• _WORK REQUIRED_
Each entry below should be returned exactly as is, with the pictures removed.

• _RECORDS SUPPLIED_

◇ ◇ ◇

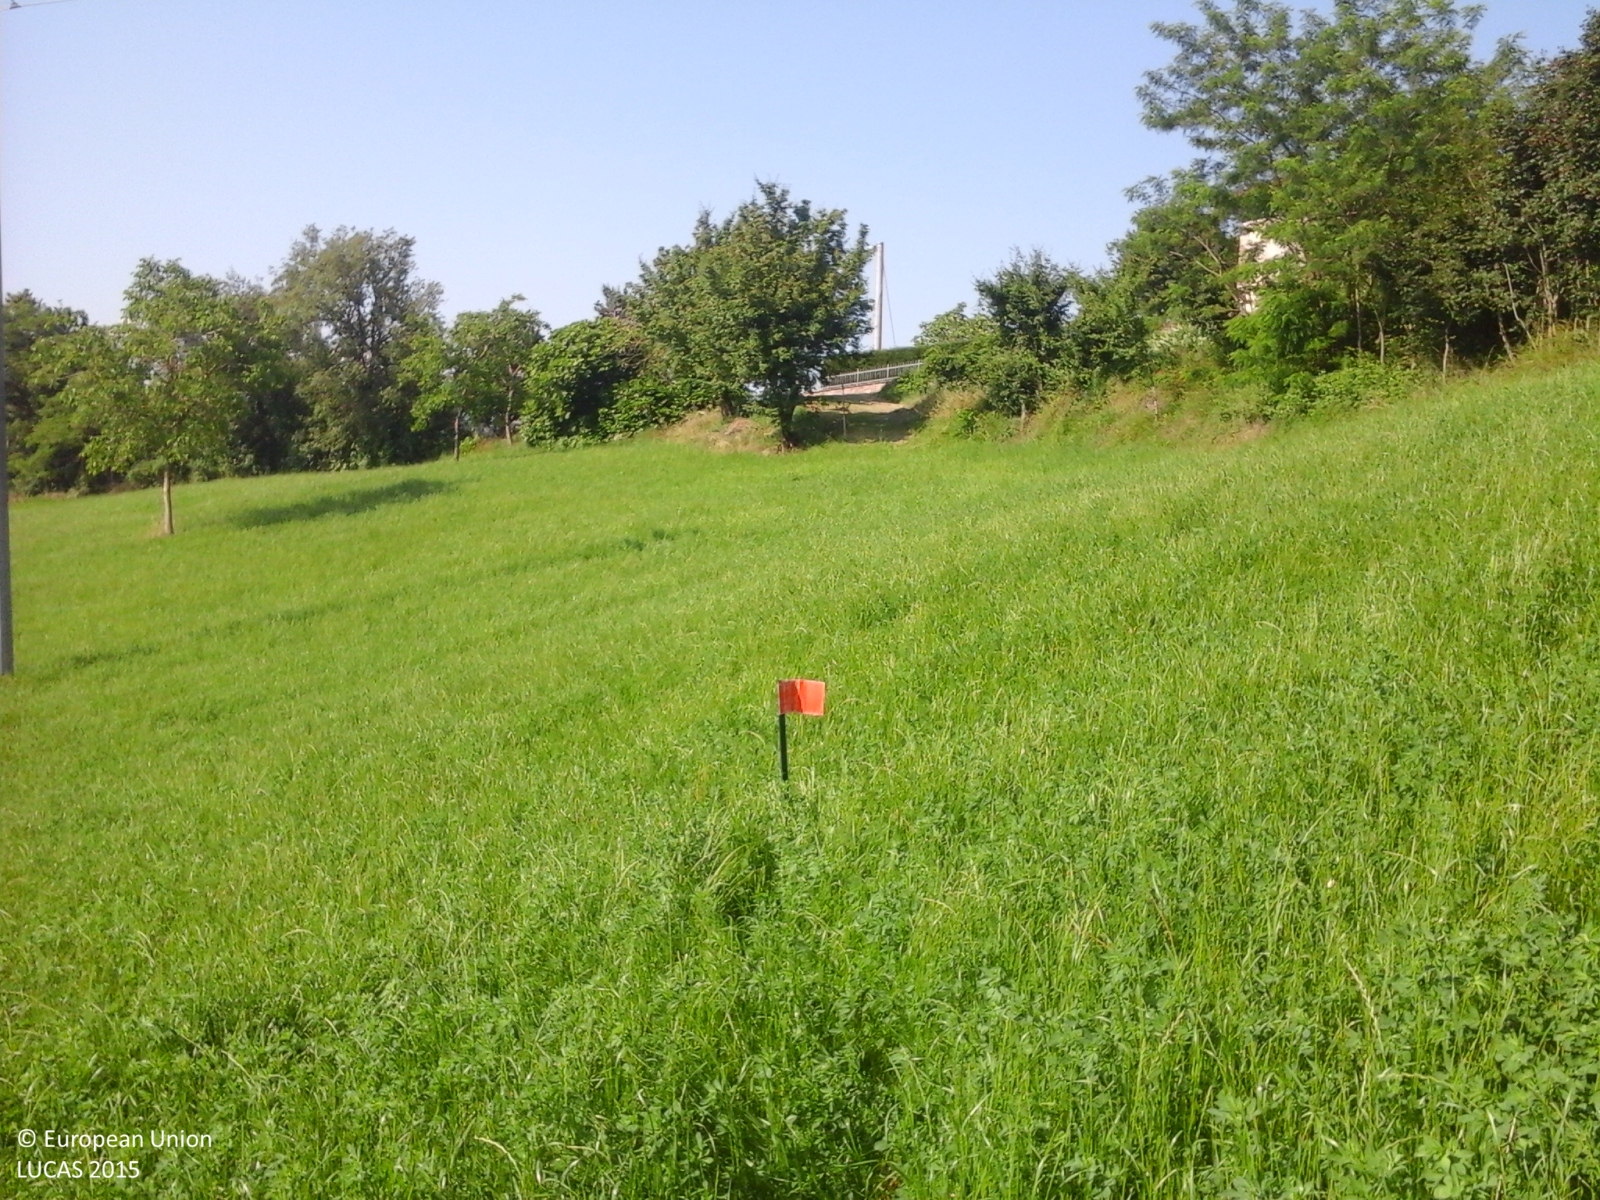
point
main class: Cropland
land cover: Lucerne
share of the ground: > 75 %
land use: Agriculture (excluding fallow land and kitchen gardens)
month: June
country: IT
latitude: 44.4209
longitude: 10.6140

◇ ◇ ◇

• _SOLUTION_
point
main class: Cropland
land cover: Lucerne
share of the ground: > 75 %
land use: Agriculture (excluding fallow land and kitchen gardens)
month: June
country: IT
latitude: 44.4209
longitude: 10.6140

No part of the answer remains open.